Install Kubeflow Pipeline

In [None]:
!pip3 install kfp --upgrade --user

Copy transform and trainer functions to cloud storage to be accessable via AI Platform

In [9]:
!gsutil cp transform.py gs://crazy-hippo-01/tfx/binary_classification
!gsutil cp trainer.py gs://crazy-hippo-01/tfx/binary_classification

Copying file://transform.py [Content-Type=text/x-python]...
/ [1 files][  2.8 KiB/  2.8 KiB]                                                
Operation completed over 1 objects/2.8 KiB.                                      
Copying file://trainer.py [Content-Type=text/x-python]...
/ [1 files][  5.2 KiB/  5.2 KiB]                                                
Operation completed over 1 objects/5.2 KiB.                                      

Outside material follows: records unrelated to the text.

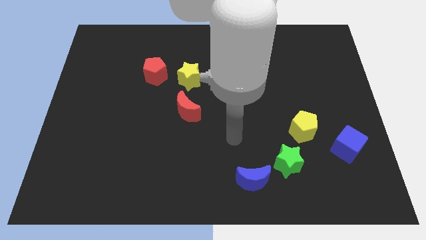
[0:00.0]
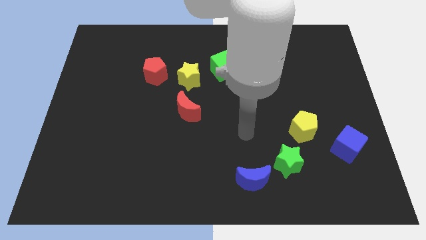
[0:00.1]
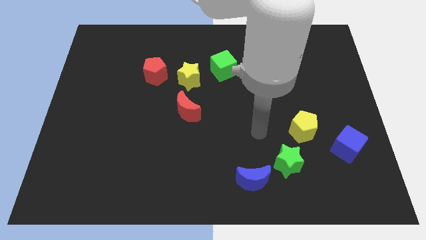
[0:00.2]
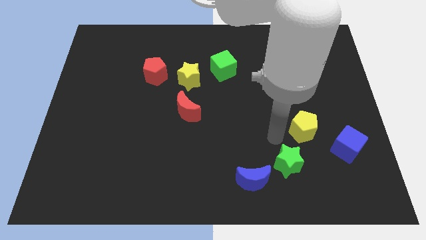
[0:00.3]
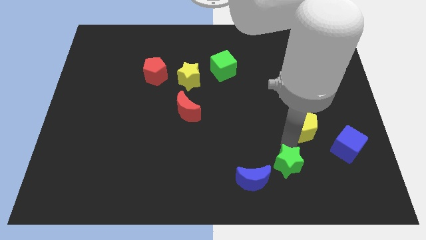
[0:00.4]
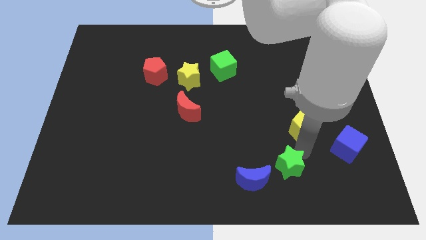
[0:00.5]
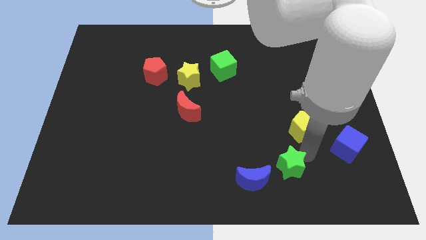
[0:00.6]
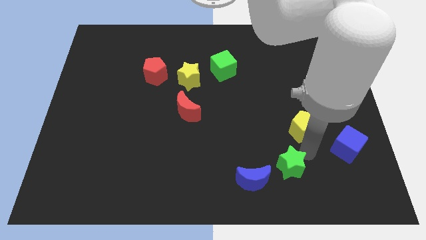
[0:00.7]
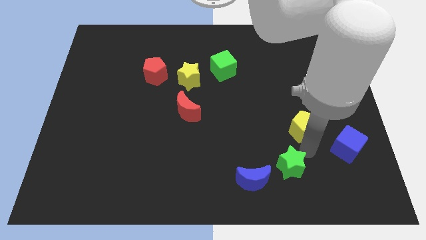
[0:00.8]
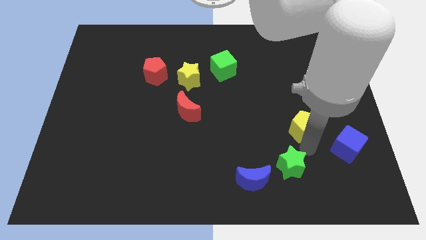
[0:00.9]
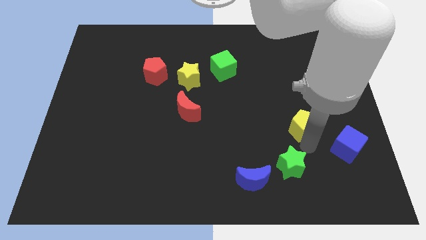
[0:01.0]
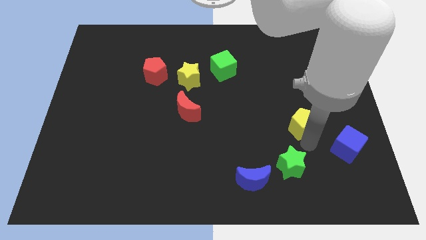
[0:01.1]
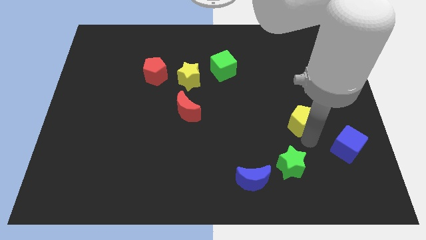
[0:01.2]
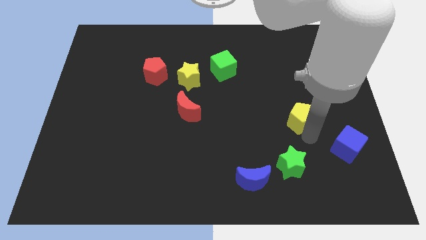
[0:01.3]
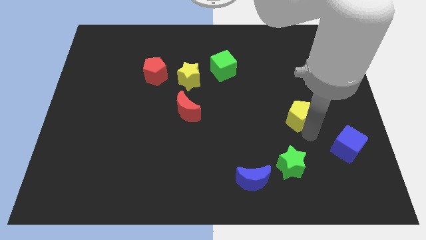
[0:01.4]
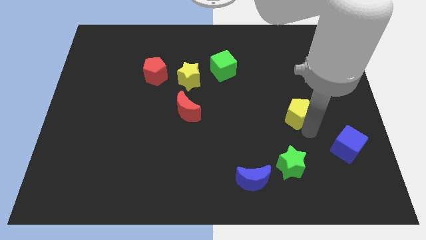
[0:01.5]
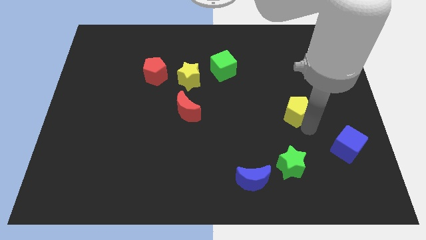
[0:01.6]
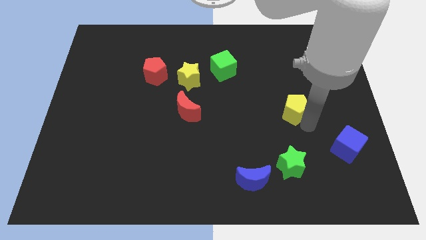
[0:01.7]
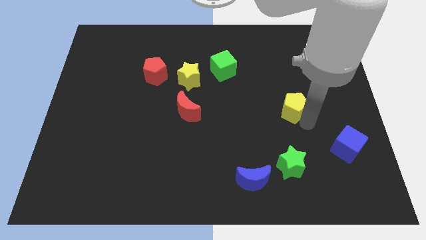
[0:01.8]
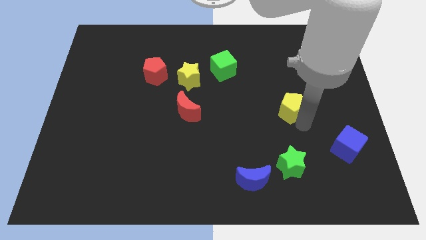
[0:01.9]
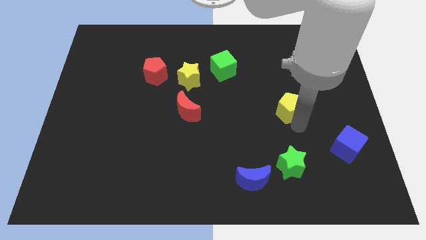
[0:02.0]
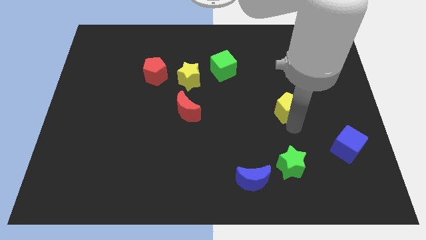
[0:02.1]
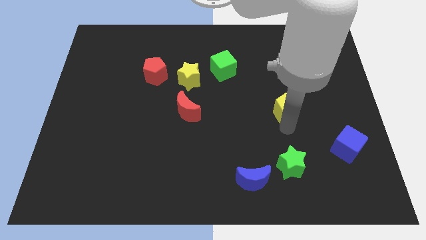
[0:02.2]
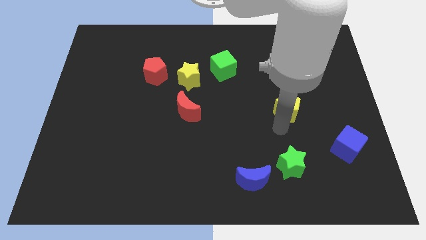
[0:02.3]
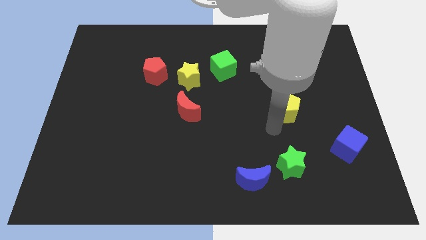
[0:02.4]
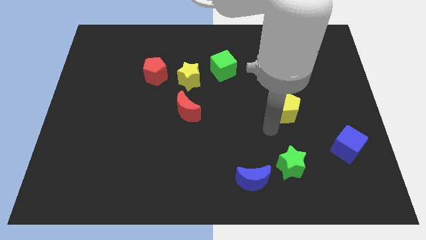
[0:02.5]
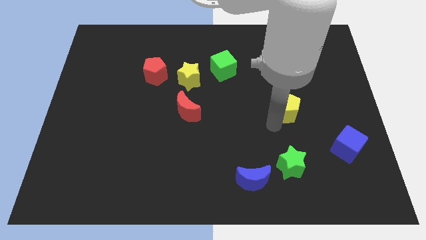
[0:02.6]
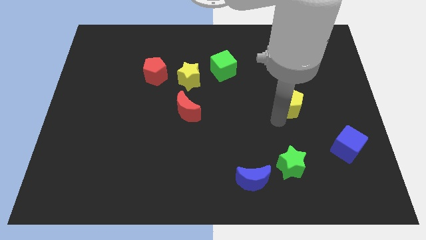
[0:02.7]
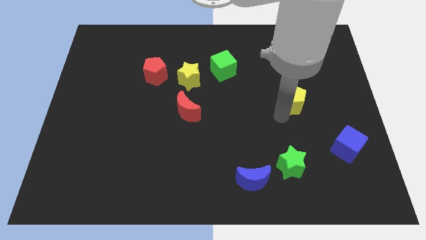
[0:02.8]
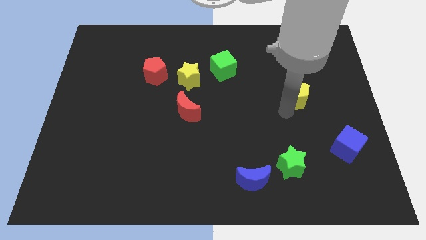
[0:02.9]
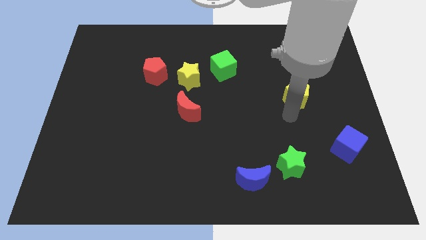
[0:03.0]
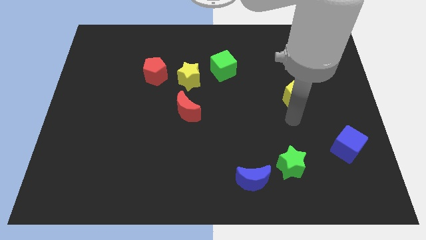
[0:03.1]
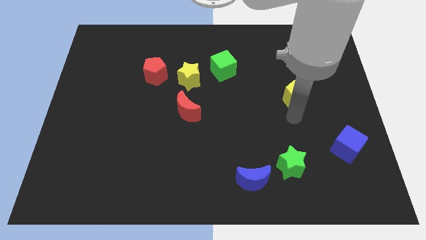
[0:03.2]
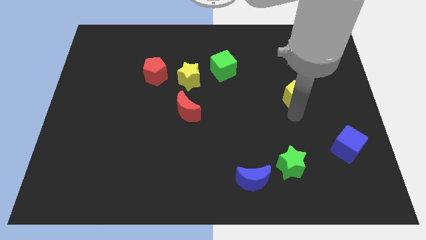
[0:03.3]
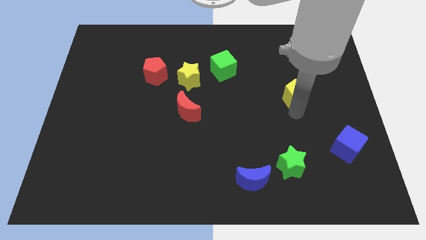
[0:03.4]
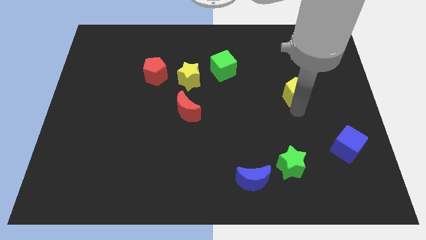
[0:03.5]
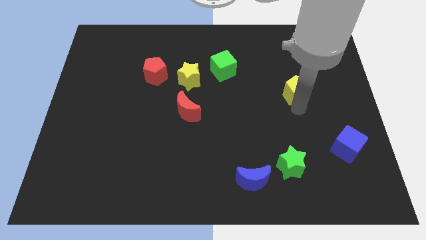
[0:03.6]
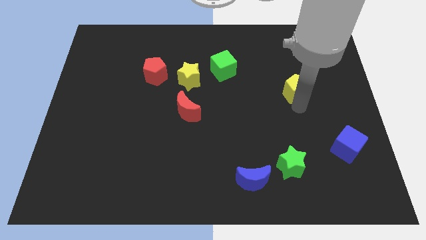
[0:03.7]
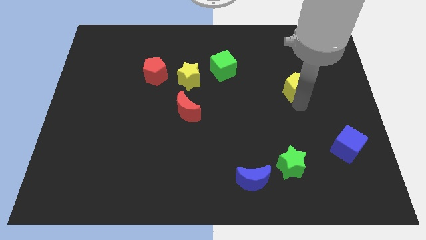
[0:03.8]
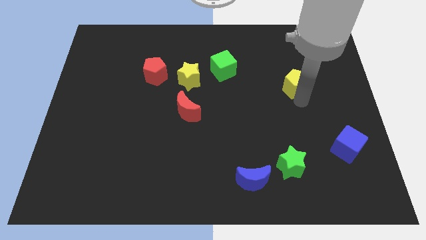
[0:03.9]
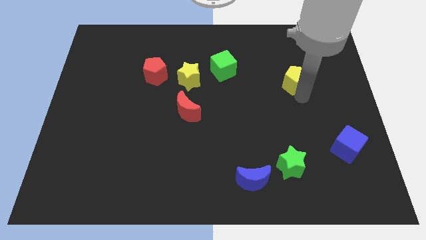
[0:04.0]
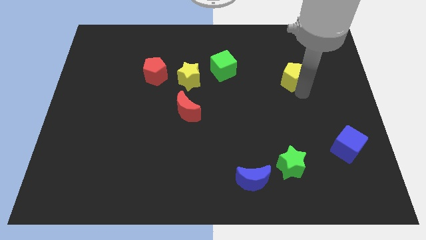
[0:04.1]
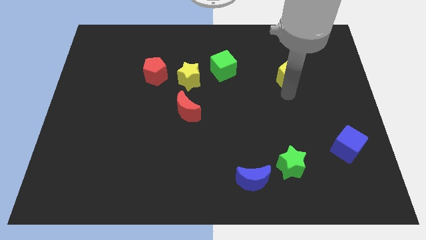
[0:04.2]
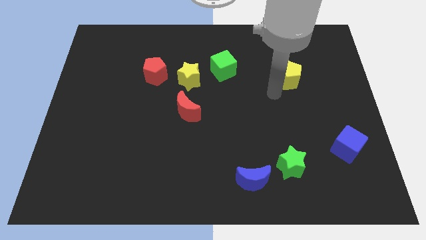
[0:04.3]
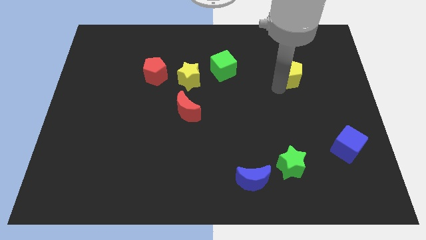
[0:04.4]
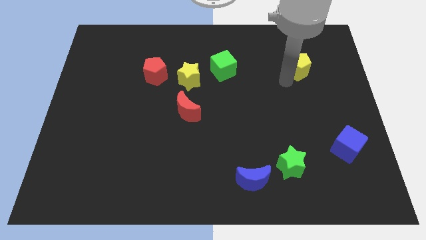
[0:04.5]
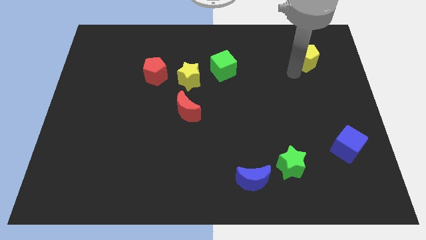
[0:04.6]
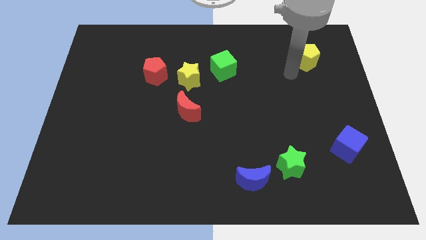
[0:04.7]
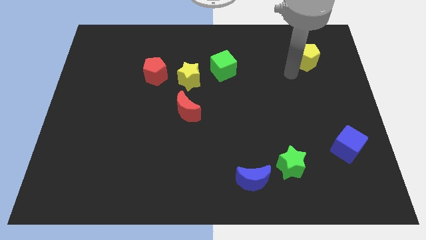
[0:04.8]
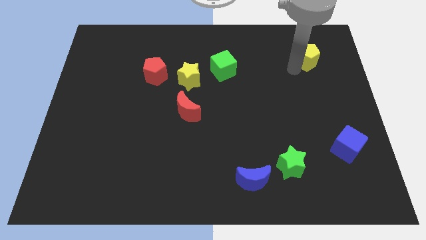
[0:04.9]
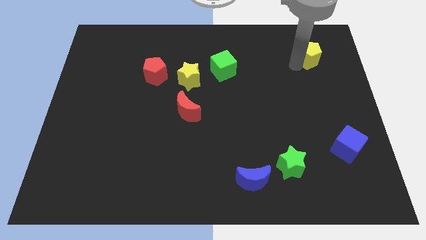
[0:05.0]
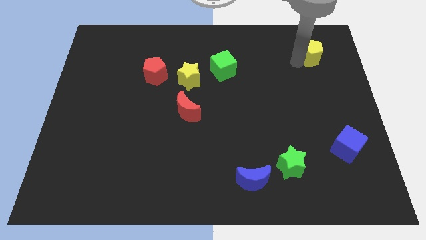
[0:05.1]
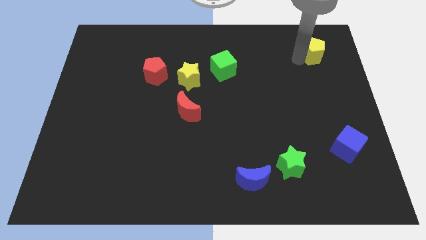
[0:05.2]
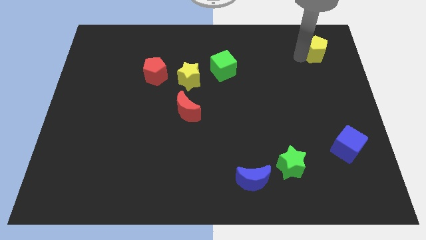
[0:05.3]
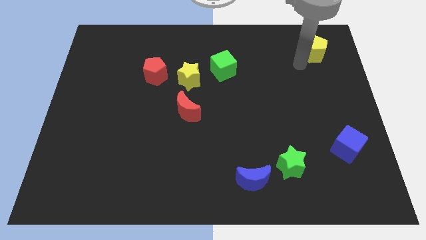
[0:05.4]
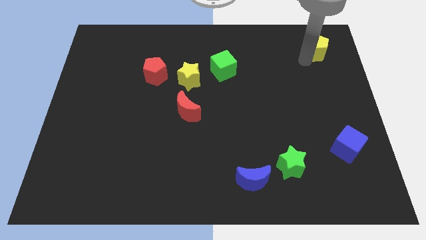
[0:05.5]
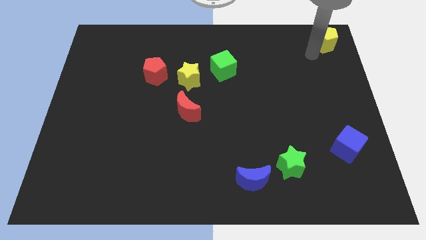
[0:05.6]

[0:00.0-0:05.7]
push the yellow pentagon to the top right of the board

Set AI Platform environment variables

In [7]:
PROJECT_ID         = 'crazy-hippo-01'
REGION             = 'us-central1'
API_KEY            = ''
PIPELINE_NAME      = 'earnings'
PIPELINE_ROOT      = 'gs://crazy-hippo-01/tfx/binary_classification/pipeline'
TRANSFORM_FILE     = 'gs://crazy-hippo-01/tfx/binary_classification/transform.py'
TRAINER_FILE       = 'gs://crazy-hippo-01/tfx/binary_classification/trainer.py'
RAW_DATA           = "gs://crazy-hippo-01/tfx/binary_classification/raw/"
SERVING_MODEL_DIR  = 'gs://crazy-hippo-01/tfx/binary_classification/serving_model/'
METADATA_PATH      = os.path.join('.', 'tfx_metadata', PIPELINE_NAME, 'metadata.db')
API_KEY = 'AIzaSyBZQOYPxdfgGzmc5qMr6-LMFK8RHH9RSMs'

Create pipeline JSON file

In [None]:
config = kubeflow_v2_dag_runner.KubeflowV2DagRunnerConfig(
    project_id=PROJECT_ID,
    display_name=PIPELINE_NAME)

runner = kubeflow_v2_dag_runner.KubeflowV2DagRunner(
    config=config,
    output_filename='pipeline01.json')

runner.run(pipeline=mypipeline, write_out=True)

Import AI Platform Client set up variables

In [11]:
import time
from aiplatform.pipelines import client

api_client = client.Client(project_id=PROJECT_ID, region=REGION, api_key=API_KEY)
DISPLAY_NAME = 'earnings{}'.format(str(int(time.time())))
print(DISPLAY_NAME)

earnings1614519655


Create run from job spec

In [12]:
result = api_client.create_run_from_job_spec(
          job_spec_path='pipeline01.json',
          name = DISPLAY_NAME
          )